Problem — Your response should contain every line from the data below that holds the string "LaTeX".

◆ ◆ ◆ ◆ ◆

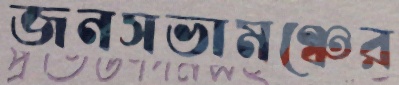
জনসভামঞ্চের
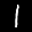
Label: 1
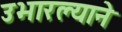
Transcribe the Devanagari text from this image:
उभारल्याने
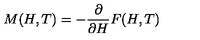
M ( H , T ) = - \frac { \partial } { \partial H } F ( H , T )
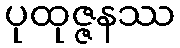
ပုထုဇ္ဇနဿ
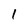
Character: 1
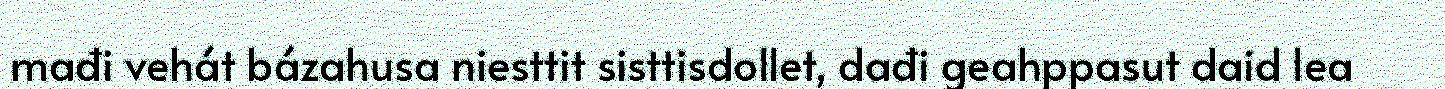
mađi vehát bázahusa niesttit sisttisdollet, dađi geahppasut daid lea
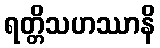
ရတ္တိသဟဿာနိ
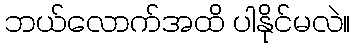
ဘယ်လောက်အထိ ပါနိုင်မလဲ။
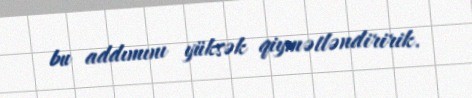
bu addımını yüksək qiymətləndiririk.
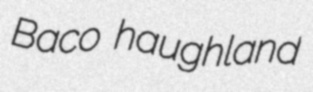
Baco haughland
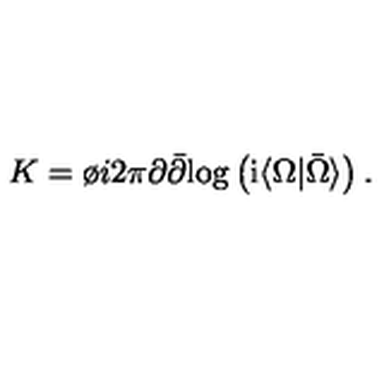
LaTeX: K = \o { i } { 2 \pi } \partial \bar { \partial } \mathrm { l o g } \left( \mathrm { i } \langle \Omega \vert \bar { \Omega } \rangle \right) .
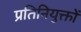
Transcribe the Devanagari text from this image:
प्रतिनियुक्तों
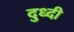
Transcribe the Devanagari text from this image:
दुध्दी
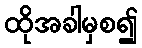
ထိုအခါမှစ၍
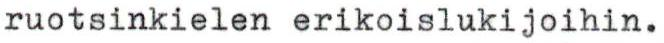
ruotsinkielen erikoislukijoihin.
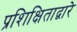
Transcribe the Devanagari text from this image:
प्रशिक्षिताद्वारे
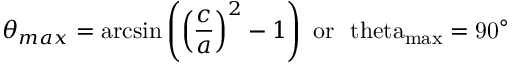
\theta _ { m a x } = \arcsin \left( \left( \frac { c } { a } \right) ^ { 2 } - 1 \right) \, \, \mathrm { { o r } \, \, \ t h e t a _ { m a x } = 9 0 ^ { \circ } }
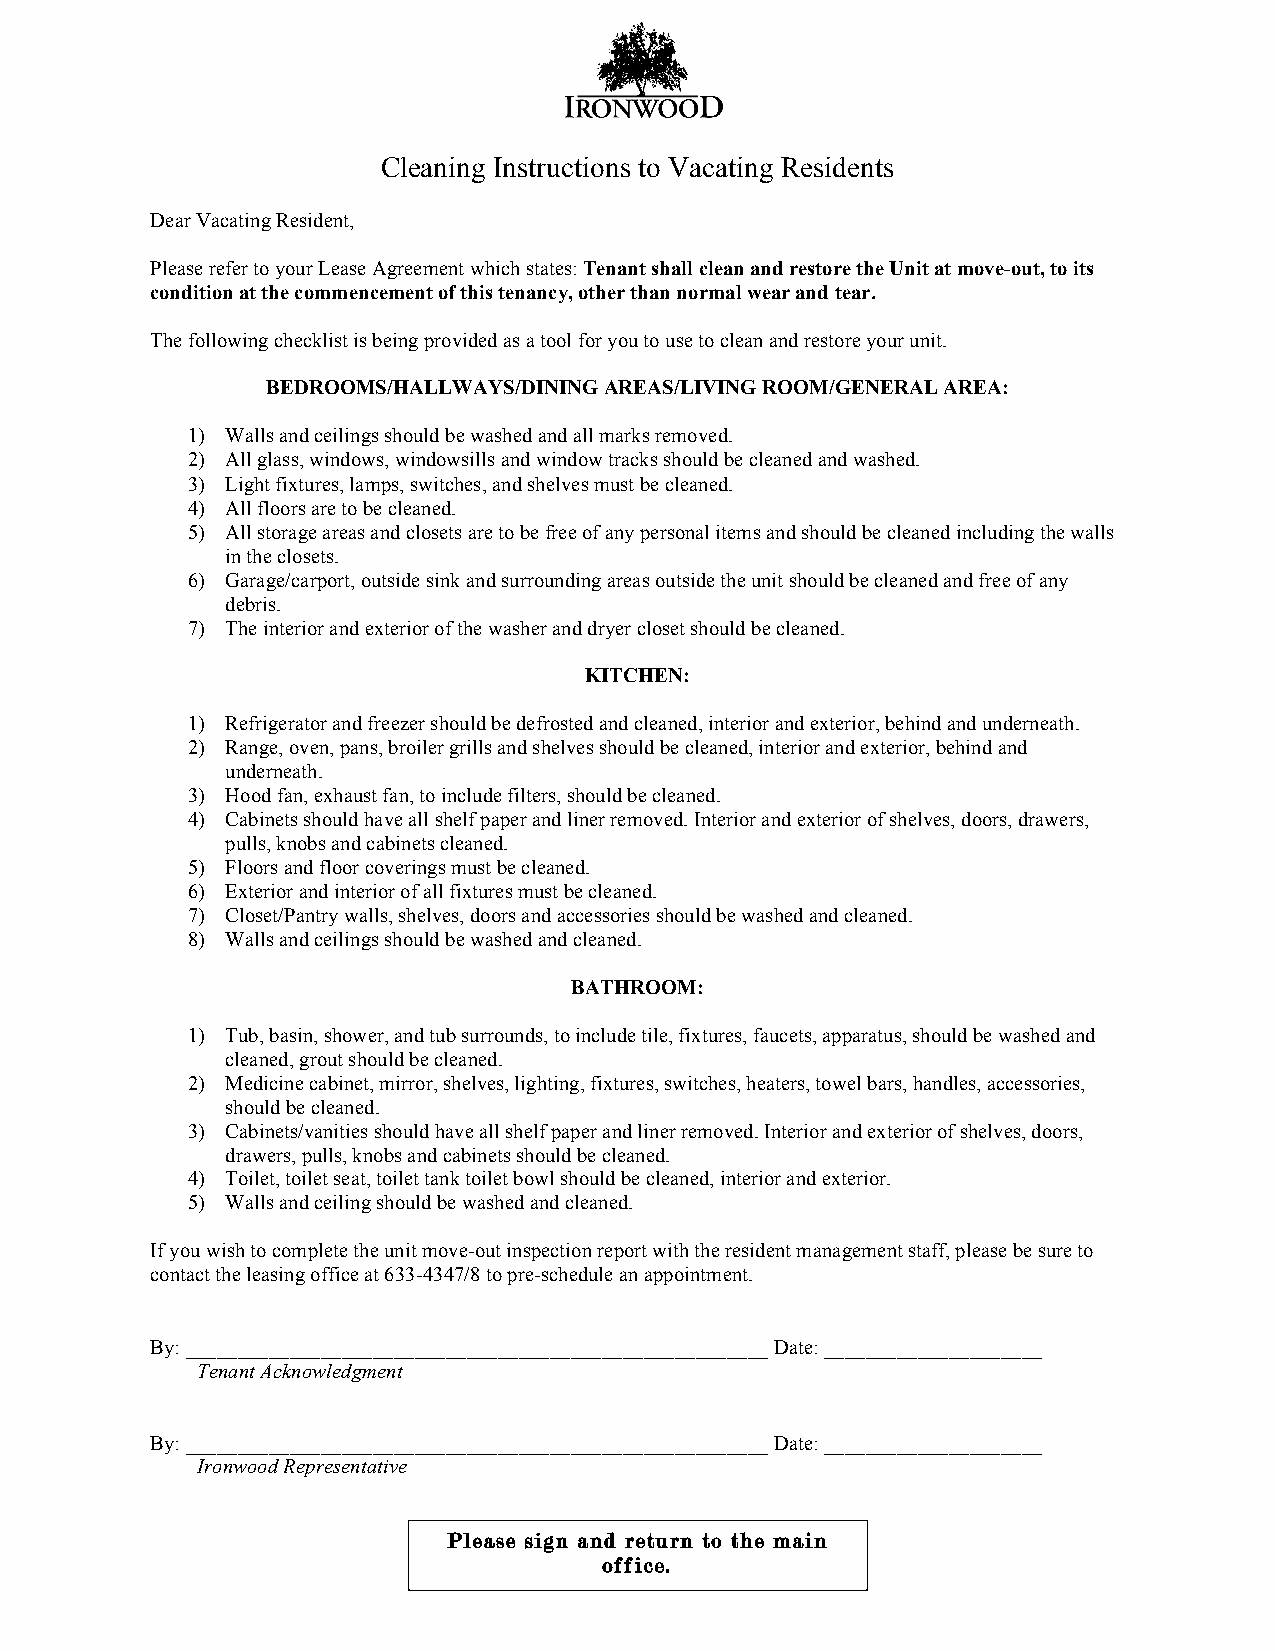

◆ ◆ ◆ ◆ ◆

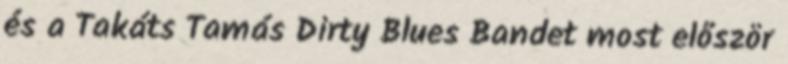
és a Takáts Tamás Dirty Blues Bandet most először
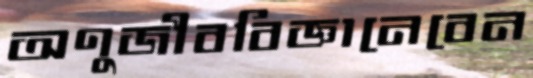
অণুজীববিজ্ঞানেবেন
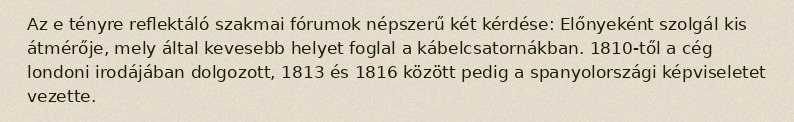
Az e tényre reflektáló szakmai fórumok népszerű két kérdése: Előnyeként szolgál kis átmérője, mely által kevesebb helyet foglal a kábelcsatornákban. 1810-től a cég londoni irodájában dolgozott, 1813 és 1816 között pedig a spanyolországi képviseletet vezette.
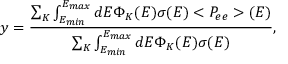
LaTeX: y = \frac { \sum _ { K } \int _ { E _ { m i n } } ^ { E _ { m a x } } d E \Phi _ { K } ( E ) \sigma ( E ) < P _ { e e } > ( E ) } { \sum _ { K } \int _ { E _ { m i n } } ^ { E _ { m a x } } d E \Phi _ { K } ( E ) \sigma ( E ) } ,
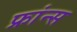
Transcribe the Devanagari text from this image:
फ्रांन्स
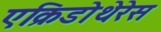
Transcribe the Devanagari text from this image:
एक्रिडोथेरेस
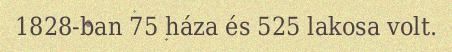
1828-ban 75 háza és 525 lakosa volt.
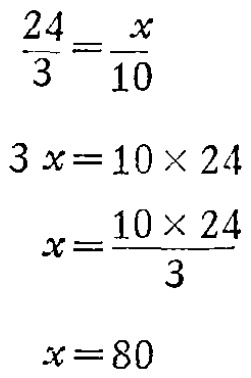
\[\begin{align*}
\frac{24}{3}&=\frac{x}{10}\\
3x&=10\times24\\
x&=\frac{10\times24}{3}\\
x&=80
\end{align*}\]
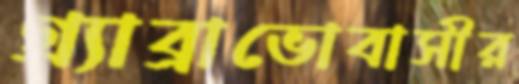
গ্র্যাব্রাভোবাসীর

◆ ◆ ◆ ◆ ◆

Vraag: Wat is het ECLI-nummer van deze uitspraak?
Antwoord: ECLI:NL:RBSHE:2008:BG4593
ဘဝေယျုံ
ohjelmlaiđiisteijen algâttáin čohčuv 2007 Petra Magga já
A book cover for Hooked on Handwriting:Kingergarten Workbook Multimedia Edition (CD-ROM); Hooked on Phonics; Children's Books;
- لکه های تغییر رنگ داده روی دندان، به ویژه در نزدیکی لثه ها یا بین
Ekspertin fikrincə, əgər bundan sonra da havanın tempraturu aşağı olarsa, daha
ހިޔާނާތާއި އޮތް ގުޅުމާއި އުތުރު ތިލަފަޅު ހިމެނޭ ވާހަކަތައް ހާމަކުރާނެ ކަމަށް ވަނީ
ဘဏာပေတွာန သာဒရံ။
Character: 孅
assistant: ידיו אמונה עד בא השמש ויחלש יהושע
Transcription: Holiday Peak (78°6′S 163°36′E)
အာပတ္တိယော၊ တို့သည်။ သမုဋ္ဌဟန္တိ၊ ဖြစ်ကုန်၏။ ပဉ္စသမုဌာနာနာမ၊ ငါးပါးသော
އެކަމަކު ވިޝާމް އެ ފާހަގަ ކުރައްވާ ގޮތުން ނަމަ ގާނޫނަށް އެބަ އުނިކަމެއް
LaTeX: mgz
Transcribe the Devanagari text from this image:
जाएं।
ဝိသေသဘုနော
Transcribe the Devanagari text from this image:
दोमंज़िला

◆ ◆ ◆ ◆ ◆

Task result —
LaTeX: K = \o { i } { 2 \pi } \partial \bar { \partial } \mathrm { l o g } \left( \mathrm { i } \langle \Omega \vert \bar { \Omega } \rangle \right) .
LaTeX: y = \frac { \sum _ { K } \int _ { E _ { m i n } } ^ { E _ { m a x } } d E \Phi _ { K } ( E ) \sigma ( E ) < P _ { e e } > ( E ) } { \sum _ { K } \int _ { E _ { m i n } } ^ { E _ { m a x } } d E \Phi _ { K } ( E ) \sigma ( E ) } ,
LaTeX: mgz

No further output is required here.